A Cluster-based Sample Selection Strategy for Biological Event Extraction
Abstract— Biological Event Extraction is an important and difficult task, whose purpose is to obtain biomedical knowledge from biomedical literature by identifying biomedical entities and extracting their complex relations from the texts. However, biological events are highly complex and the annotated biomedical corpus is highly imbalanced, which affects the performance of classifier. In this paper, we develop a new semi-supervised biomedical event extraction method based on pairwise model. Firstly, we use initial trained classifier to predict trigger-argument pairs of unlabeled data in sentences. Secondly, we have presented a sentence representation method that combines dependent path by word embedding from biomedical text. Then we fed it to cluster to filter noise samples by a sample selection strategy, and the rest of samples are added to the training dataset to balance dataset. Experimental results on BioNLP-ST GENIA corpus show that the proposed method demonstrates its effectiveness and achieves better performance.

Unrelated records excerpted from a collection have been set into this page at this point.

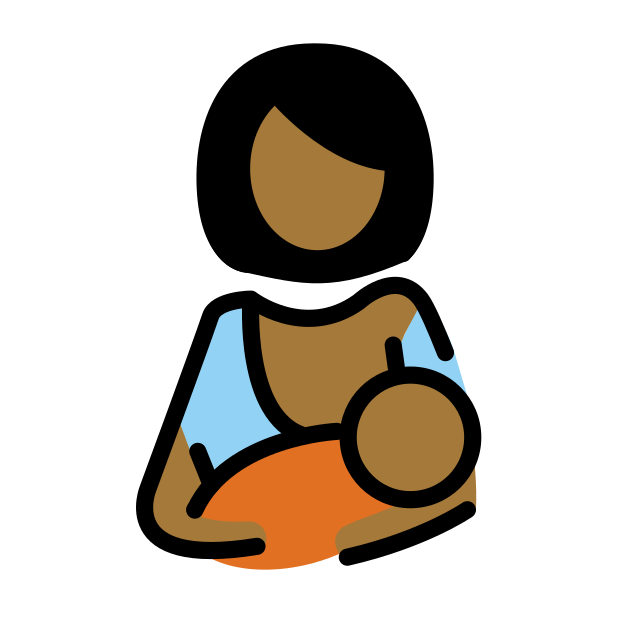
breast-feeding: medium-dark skin tone
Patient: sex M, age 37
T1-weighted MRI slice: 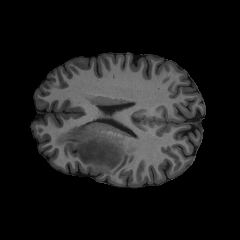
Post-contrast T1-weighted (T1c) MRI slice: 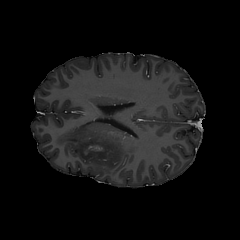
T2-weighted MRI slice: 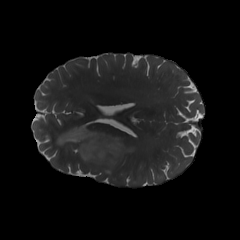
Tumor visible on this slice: yes
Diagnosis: Astrocytoma, IDH-mutant
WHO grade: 4
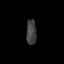
Tissue: lung
Cell type: Smooth muscle cells
Senescence score: 0.5469
Nuclear area (px): 254
Mean DAPI intensity: 63.524
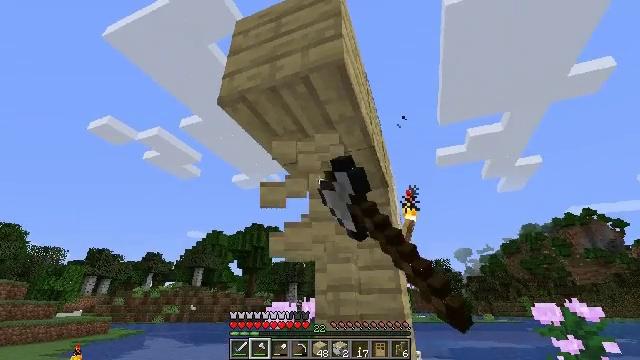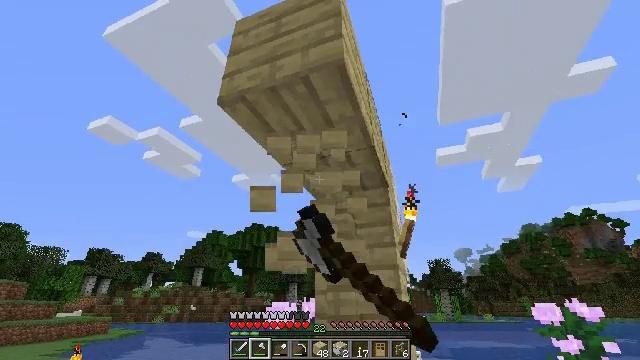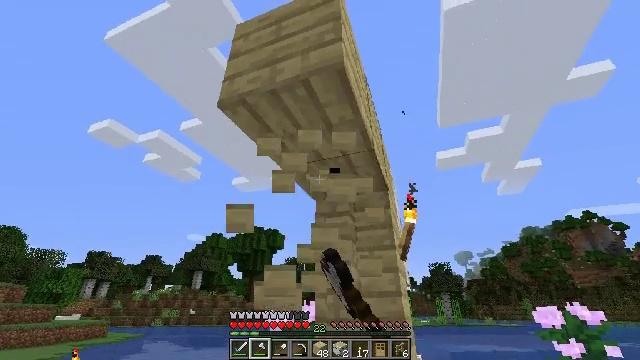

Index Terms— Biological Event Extraction, Sentence Representation, Cluster
Yang Lu, Xiaolei Ma, Yinan Lu
College of the Computer Science and Technology, Jilin University Changchun, CHINA
Yang Lu, Xiaolei Ma
Library, Inner Mongolia University for Nationalities, CHINA
Cite: Yang Lu, Xiaolei Ma, Yinan Lu, "A Cluster-based Sample Selection Strategy for Biological Event Extraction," Proceedings of 2019 the 9th International Workshop on Computer Science and Engineering, pp. 72-77, Hong Kong, 15-17 June, 2019.